My duty requires that I watch men die, that I order them to die, and that duty and the covenant in a cold, damp tree in the snow also order me to remember them. I began here, over my heart, old, faded and roughly done, a prisoner’s needle and a pot of cold ink. I learned the techniques as I spiralled outwards, ever larger rings across my breast remembering those who fell under my command. The tattoos become clearer as they move outward, finer needles, better ink, and a steadier hand all contributing. Each has their own snapshot of memory too, a little spot where they are held dear. It is not always the moment of death that is the memory. It has been a smiling face as they receive promotion to the next rank, the tears of a man who hears that his wife has died in childbirth, or the image of a face at a window, looking out into the pouring rain. I recite each one, starting from the beginning, whenever a new name and face is added to the memories. By now, it is a long process, but one performed as a ceremony over the newly deceased, and at the waning of the full moon, the fading away of a good life as the light flickers, and dies.

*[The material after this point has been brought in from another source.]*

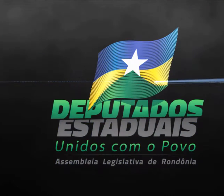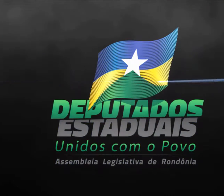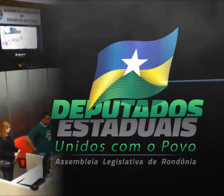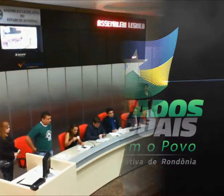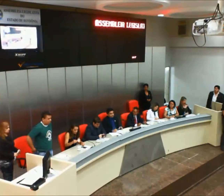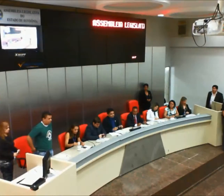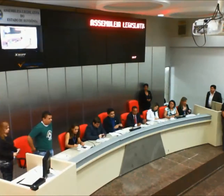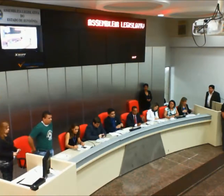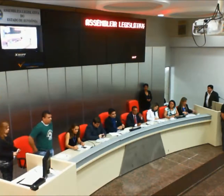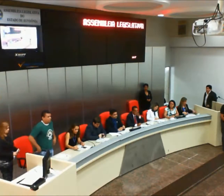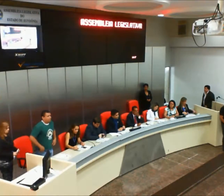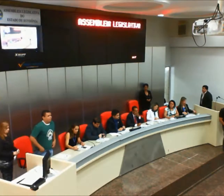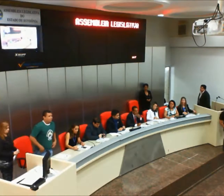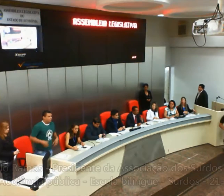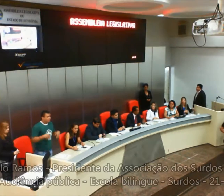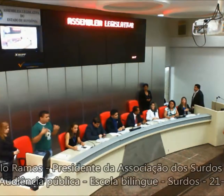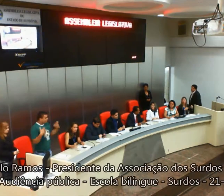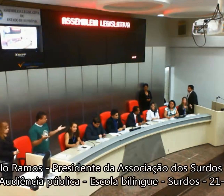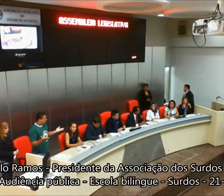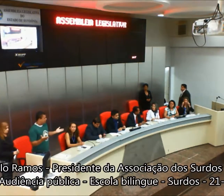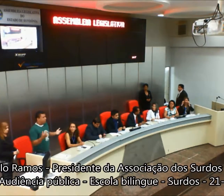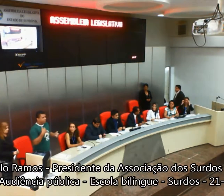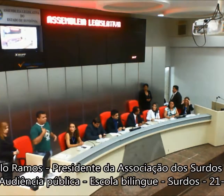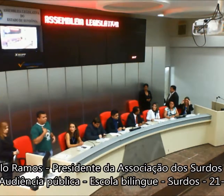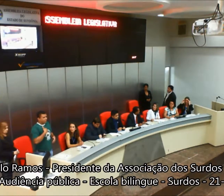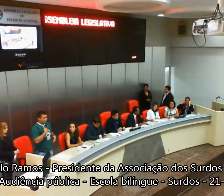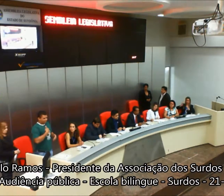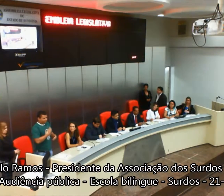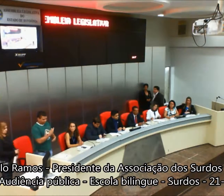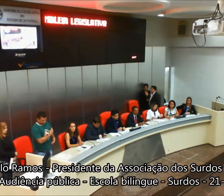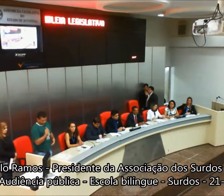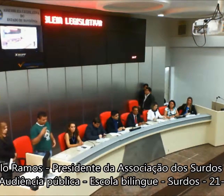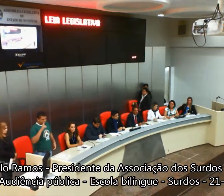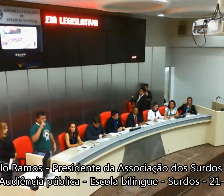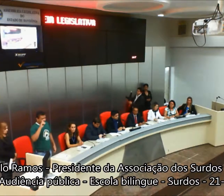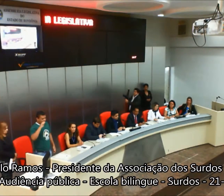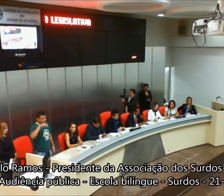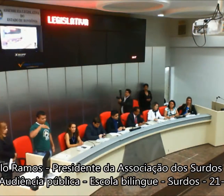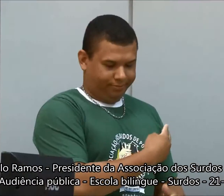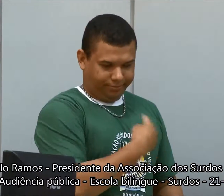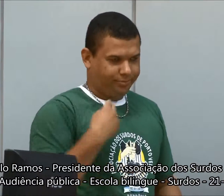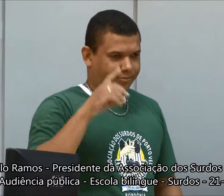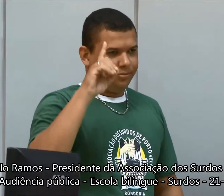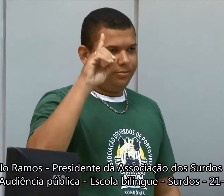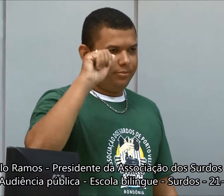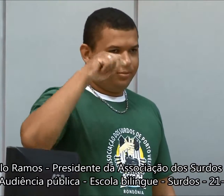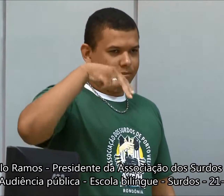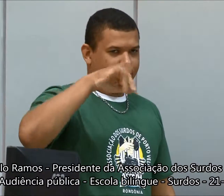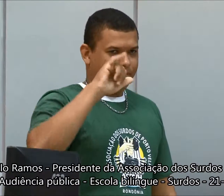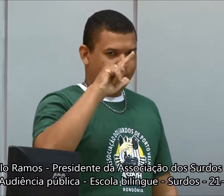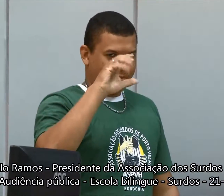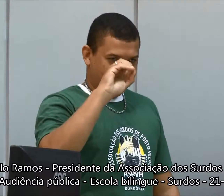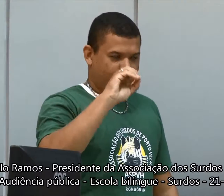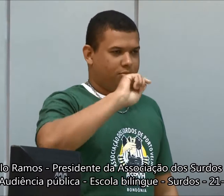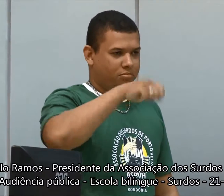Olá, tudo bem? Vocês estão me vendo? Então, gente, meu nome é Danilo,

It is a long process for me and one that is soon to be over, as my time in the army comes to an end, but the memorials will remain, a last honour to soldiers left behind and forgotten by all but a few. My next step will be to write their stories, their stories as I knew them. One moment to capture a man, to preserve him in time so that his name does not die, and he does not become a carving on a rock, but is remembered for what he was. I will start, as always, with my shield bearer, lying in the snow, the impetus behind my new life.

I’ll never forget his name, not while it is right here, tattooed onto my heart.